The above phenomena indicate that in chloroplasts, Mg diurnal fluctuations dependent on the OsMGT3 transport gene regulate plant photosynthesis by affecting enzyme activity. Increasing Mg2+ion input may be a potential method to enhance plant photosynthetic efficiency.
Measurement of rice photosynthesis using LI-6800 advanced photosynthesis fluorescence measurement system
The role of LI-6800 advanced photosynthesis fluorescence measurement system in this study
Measure leaf transpiration rate E, stomatal conductance gsw, maximum carboxylation rate Vc, max, and chlorophyll fluorescence parameters using LI-6800. Control leaf temperature at 30 ℃ and relative humidity at 60%.

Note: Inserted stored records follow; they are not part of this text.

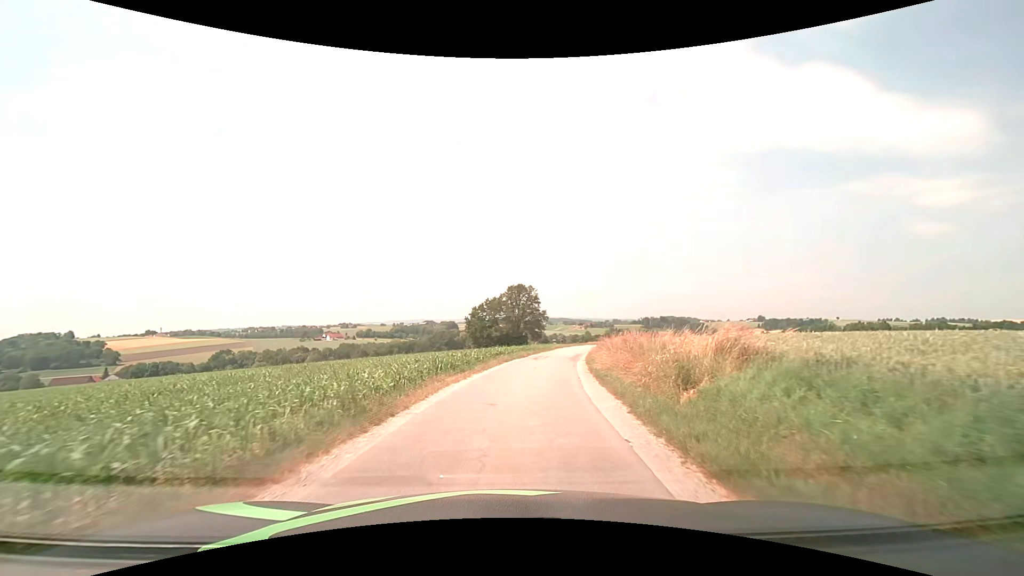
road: unclassified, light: Day
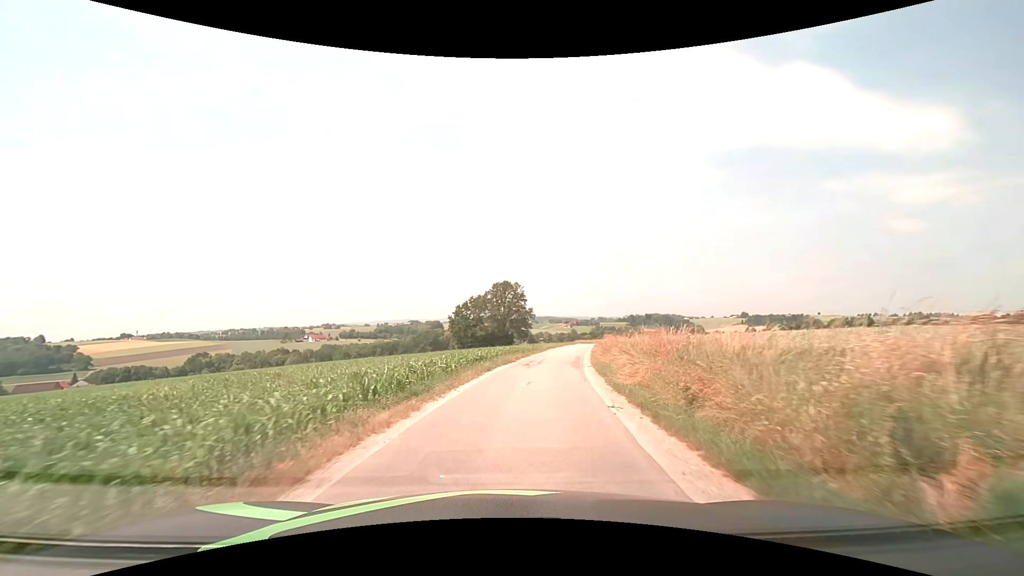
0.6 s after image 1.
(+0.1, +7.0) m; +1°
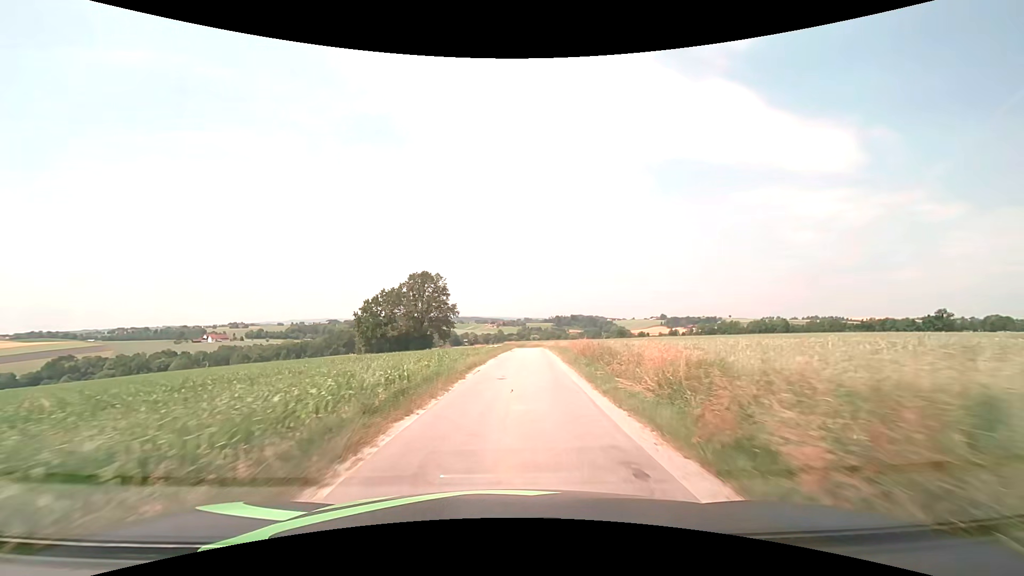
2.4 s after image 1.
(+1.9, +25.6) m; +9°

When measuring net assimilation rate A, transpiration rate E, and stomatal conductance gsw, leaf chamber CO2Set the concentration to 400 μ mol/mol and the light intensity to 1000 μ mol/m2/s。
Carbon dioxide response curve measurement: light intensity set to 2000 μ mol/m2/s, Initial CO2Set the concentration to 400, then set it to 300, 200, 100, 50, 0, 400, 400, 600, 800, 1000, 1200 (above CO)2The concentration units are all in μ mol/mol. After sufficient dark adaptation, measure the potential maximum photoelectrochemical quantum efficiency Fv/Fm of PSll using LI-6800.